• BRIEF: Down to the final line, print the records again exactly.

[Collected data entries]

━━━

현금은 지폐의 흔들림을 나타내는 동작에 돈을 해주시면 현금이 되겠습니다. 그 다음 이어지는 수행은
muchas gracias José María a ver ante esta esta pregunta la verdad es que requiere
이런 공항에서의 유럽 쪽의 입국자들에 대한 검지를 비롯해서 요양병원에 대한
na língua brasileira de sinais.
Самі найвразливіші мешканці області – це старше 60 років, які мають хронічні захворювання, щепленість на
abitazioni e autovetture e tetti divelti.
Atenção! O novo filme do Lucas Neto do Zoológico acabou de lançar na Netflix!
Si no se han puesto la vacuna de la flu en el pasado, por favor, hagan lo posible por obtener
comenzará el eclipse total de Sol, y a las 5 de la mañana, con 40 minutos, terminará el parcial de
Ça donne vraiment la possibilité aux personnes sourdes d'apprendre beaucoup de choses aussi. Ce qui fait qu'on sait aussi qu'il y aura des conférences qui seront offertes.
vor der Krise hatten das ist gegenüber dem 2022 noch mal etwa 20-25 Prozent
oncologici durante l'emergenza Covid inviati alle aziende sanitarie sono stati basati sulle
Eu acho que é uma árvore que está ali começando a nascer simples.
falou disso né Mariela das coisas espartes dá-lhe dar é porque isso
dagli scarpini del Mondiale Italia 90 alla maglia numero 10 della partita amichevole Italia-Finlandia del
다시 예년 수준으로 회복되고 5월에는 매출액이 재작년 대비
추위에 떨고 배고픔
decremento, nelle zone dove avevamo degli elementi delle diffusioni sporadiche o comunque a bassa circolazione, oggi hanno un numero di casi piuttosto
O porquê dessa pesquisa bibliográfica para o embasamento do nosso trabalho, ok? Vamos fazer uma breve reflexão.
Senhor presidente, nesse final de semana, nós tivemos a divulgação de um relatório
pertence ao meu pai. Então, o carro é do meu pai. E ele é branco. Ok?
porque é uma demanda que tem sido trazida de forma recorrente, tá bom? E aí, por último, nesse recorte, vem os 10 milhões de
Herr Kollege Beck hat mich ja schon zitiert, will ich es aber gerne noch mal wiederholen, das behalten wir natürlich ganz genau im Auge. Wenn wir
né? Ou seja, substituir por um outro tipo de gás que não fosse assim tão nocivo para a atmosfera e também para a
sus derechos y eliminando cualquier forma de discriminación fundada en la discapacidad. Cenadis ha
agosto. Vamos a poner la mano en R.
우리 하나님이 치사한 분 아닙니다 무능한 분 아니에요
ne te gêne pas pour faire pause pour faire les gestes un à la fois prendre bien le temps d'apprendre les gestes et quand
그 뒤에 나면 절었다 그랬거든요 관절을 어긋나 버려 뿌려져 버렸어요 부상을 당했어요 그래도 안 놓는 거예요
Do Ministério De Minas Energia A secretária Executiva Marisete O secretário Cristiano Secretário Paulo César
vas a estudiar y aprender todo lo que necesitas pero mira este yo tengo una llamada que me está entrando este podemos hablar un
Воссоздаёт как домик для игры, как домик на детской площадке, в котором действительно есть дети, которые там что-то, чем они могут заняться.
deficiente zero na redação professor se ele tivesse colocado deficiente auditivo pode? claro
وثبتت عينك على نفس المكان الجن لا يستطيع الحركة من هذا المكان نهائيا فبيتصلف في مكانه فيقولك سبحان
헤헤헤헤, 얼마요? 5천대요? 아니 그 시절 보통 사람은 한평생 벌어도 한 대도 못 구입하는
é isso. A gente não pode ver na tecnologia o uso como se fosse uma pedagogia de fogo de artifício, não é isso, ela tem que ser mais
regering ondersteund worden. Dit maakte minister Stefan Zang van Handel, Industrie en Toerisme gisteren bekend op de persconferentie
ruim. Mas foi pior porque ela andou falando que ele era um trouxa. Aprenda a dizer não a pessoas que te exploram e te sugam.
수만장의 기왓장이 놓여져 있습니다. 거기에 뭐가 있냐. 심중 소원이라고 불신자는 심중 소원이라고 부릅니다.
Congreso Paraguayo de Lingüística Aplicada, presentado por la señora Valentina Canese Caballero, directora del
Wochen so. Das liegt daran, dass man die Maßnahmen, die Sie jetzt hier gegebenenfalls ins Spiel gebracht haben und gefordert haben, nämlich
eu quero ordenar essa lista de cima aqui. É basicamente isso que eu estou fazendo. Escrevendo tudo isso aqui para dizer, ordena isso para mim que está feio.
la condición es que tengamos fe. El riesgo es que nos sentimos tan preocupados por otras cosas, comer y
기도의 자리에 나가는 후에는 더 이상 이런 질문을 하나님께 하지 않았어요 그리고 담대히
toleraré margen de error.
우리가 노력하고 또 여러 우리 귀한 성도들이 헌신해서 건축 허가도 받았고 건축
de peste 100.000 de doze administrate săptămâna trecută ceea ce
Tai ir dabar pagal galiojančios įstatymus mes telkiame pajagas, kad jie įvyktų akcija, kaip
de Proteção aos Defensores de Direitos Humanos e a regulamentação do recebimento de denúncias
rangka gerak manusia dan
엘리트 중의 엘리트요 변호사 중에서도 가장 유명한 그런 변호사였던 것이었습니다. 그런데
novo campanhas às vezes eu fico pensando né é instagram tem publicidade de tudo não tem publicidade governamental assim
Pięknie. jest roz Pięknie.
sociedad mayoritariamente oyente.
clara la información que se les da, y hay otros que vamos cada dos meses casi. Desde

━━━

• TASK RESULT:
현금은 지폐의 흔들림을 나타내는 동작에 돈을 해주시면 현금이 되겠습니다. 그 다음 이어지는 수행은
muchas gracias José María a ver ante esta esta pregunta la verdad es que requiere
이런 공항에서의 유럽 쪽의 입국자들에 대한 검지를 비롯해서 요양병원에 대한
na língua brasileira de sinais.
Самі найвразливіші мешканці області – це старше 60 років, які мають хронічні захворювання, щепленість на
abitazioni e autovetture e tetti divelti.
Atenção! O novo filme do Lucas Neto do Zoológico acabou de lançar na Netflix!
Si no se han puesto la vacuna de la flu en el pasado, por favor, hagan lo posible por obtener
comenzará el eclipse total de Sol, y a las 5 de la mañana, con 40 minutos, terminará el parcial de
Ça donne vraiment la possibilité aux personnes sourdes d'apprendre beaucoup de choses aussi. Ce qui fait qu'on sait aussi qu'il y aura des conférences qui seront offertes.
vor der Krise hatten das ist gegenüber dem 2022 noch mal etwa 20-25 Prozent
oncologici durante l'emergenza Covid inviati alle aziende sanitarie sono stati basati sulle
Eu acho que é uma árvore que está ali começando a nascer simples.
falou disso né Mariela das coisas espartes dá-lhe dar é porque isso
dagli scarpini del Mondiale Italia 90 alla maglia numero 10 della partita amichevole Italia-Finlandia del
다시 예년 수준으로 회복되고 5월에는 매출액이 재작년 대비
추위에 떨고 배고픔
decremento, nelle zone dove avevamo degli elementi delle diffusioni sporadiche o comunque a bassa circolazione, oggi hanno un numero di casi piuttosto
O porquê dessa pesquisa bibliográfica para o embasamento do nosso trabalho, ok? Vamos fazer uma breve reflexão.
Senhor presidente, nesse final de semana, nós tivemos a divulgação de um relatório
pertence ao meu pai. Então, o carro é do meu pai. E ele é branco. Ok?
porque é uma demanda que tem sido trazida de forma recorrente, tá bom? E aí, por último, nesse recorte, vem os 10 milhões de
Herr Kollege Beck hat mich ja schon zitiert, will ich es aber gerne noch mal wiederholen, das behalten wir natürlich ganz genau im Auge. Wenn wir
né? Ou seja, substituir por um outro tipo de gás que não fosse assim tão nocivo para a atmosfera e também para a
sus derechos y eliminando cualquier forma de discriminación fundada en la discapacidad. Cenadis ha
agosto. Vamos a poner la mano en R.
우리 하나님이 치사한 분 아닙니다 무능한 분 아니에요
ne te gêne pas pour faire pause pour faire les gestes un à la fois prendre bien le temps d'apprendre les gestes et quand
그 뒤에 나면 절었다 그랬거든요 관절을 어긋나 버려 뿌려져 버렸어요 부상을 당했어요 그래도 안 놓는 거예요
Do Ministério De Minas Energia A secretária Executiva Marisete O secretário Cristiano Secretário Paulo César
vas a estudiar y aprender todo lo que necesitas pero mira este yo tengo una llamada que me está entrando este podemos hablar un
Воссоздаёт как домик для игры, как домик на детской площадке, в котором действительно есть дети, которые там что-то, чем они могут заняться.
deficiente zero na redação professor se ele tivesse colocado deficiente auditivo pode? claro
وثبتت عينك على نفس المكان الجن لا يستطيع الحركة من هذا المكان نهائيا فبيتصلف في مكانه فيقولك سبحان
헤헤헤헤, 얼마요? 5천대요? 아니 그 시절 보통 사람은 한평생 벌어도 한 대도 못 구입하는
é isso. A gente não pode ver na tecnologia o uso como se fosse uma pedagogia de fogo de artifício, não é isso, ela tem que ser mais
regering ondersteund worden. Dit maakte minister Stefan Zang van Handel, Industrie en Toerisme gisteren bekend op de persconferentie
ruim. Mas foi pior porque ela andou falando que ele era um trouxa. Aprenda a dizer não a pessoas que te exploram e te sugam.
수만장의 기왓장이 놓여져 있습니다. 거기에 뭐가 있냐. 심중 소원이라고 불신자는 심중 소원이라고 부릅니다.
Congreso Paraguayo de Lingüística Aplicada, presentado por la señora Valentina Canese Caballero, directora del
Wochen so. Das liegt daran, dass man die Maßnahmen, die Sie jetzt hier gegebenenfalls ins Spiel gebracht haben und gefordert haben, nämlich
eu quero ordenar essa lista de cima aqui. É basicamente isso que eu estou fazendo. Escrevendo tudo isso aqui para dizer, ordena isso para mim que está feio.
la condición es que tengamos fe. El riesgo es que nos sentimos tan preocupados por otras cosas, comer y
기도의 자리에 나가는 후에는 더 이상 이런 질문을 하나님께 하지 않았어요 그리고 담대히
toleraré margen de error.
우리가 노력하고 또 여러 우리 귀한 성도들이 헌신해서 건축 허가도 받았고 건축
de peste 100.000 de doze administrate săptămâna trecută ceea ce
Tai ir dabar pagal galiojančios įstatymus mes telkiame pajagas, kad jie įvyktų akcija, kaip
de Proteção aos Defensores de Direitos Humanos e a regulamentação do recebimento de denúncias
rangka gerak manusia dan
엘리트 중의 엘리트요 변호사 중에서도 가장 유명한 그런 변호사였던 것이었습니다. 그런데
novo campanhas às vezes eu fico pensando né é instagram tem publicidade de tudo não tem publicidade governamental assim
Pięknie. jest roz Pięknie.
sociedad mayoritariamente oyente.
clara la información que se les da, y hay otros que vamos cada dos meses casi. Desde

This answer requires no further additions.